Abstract

To analyze the clinical phenotype and genetic basis for a child featuring familial short stature. A child who was admitted to Huzhou Maternal and Child Health Care Hospital on October 7, 2021 for growth retardation and pectus carinatum was selected as the study subject. Physical exam and medical imaging was performed. The child was subjected to whole exome sequencing, and candidate variants were verified by Sanger sequencing and bioinformatic analysis.
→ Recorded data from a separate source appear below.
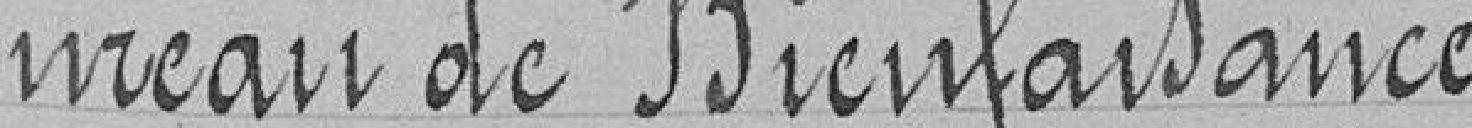
Bureau de Bienfaisance
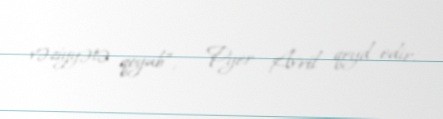
vəziyyətə qoyub”, - Pyer Avril qeyd edir.
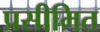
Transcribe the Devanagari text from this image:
प्रसीमित
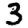
Digit: 3
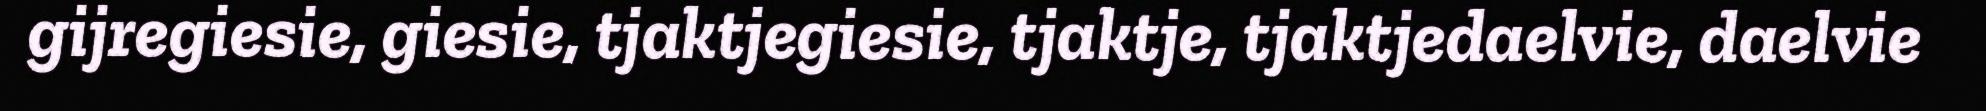
gijregiesie, giesie, tjaktjegiesie, tjaktje, tjaktjedaelvie, daelvie
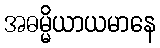
အဓမ္မိယာယမာနေ
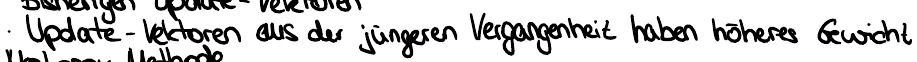
Update - Vektoren aus der jüngeren Vergangenheit haben höheres Gewicht
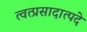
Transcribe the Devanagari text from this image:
त्वत्प्रसादात्पदे
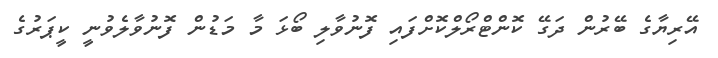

The child, a 1-year-old male, had manifested with slightly short stature (Z = -2.03), midfacial dysplasia, and multiple skeletal dysplasia such as pectus carinatum, irregular vertebral morphology, and defect of lumbar anterior bones. His mother, maternal grandmother and great-maternal grandfather also had short stature. WES revealed that the child has harbored a heterozygous c.2858dupA (p.Asp953GlufsTer476) frameshifting variant of the ACAN gene, which was inherited from his mother. Based on the guidelines from the American College of Medical Genetics and Genomics (ACMG), the c.2858dup (p.Sp953Glufster476) variant was classified as likely pathogenic (PVS1+PM2_Supporting). The patient has shown marked improved height after receiving 11 months of treatment with human recombinant growth hormone (supplemental dose) starting from 20 months of age. The ACAN: c.2858dup (p.Asp953GlufsTer476) variant probably underlay the pathogenesis of short stature in this child.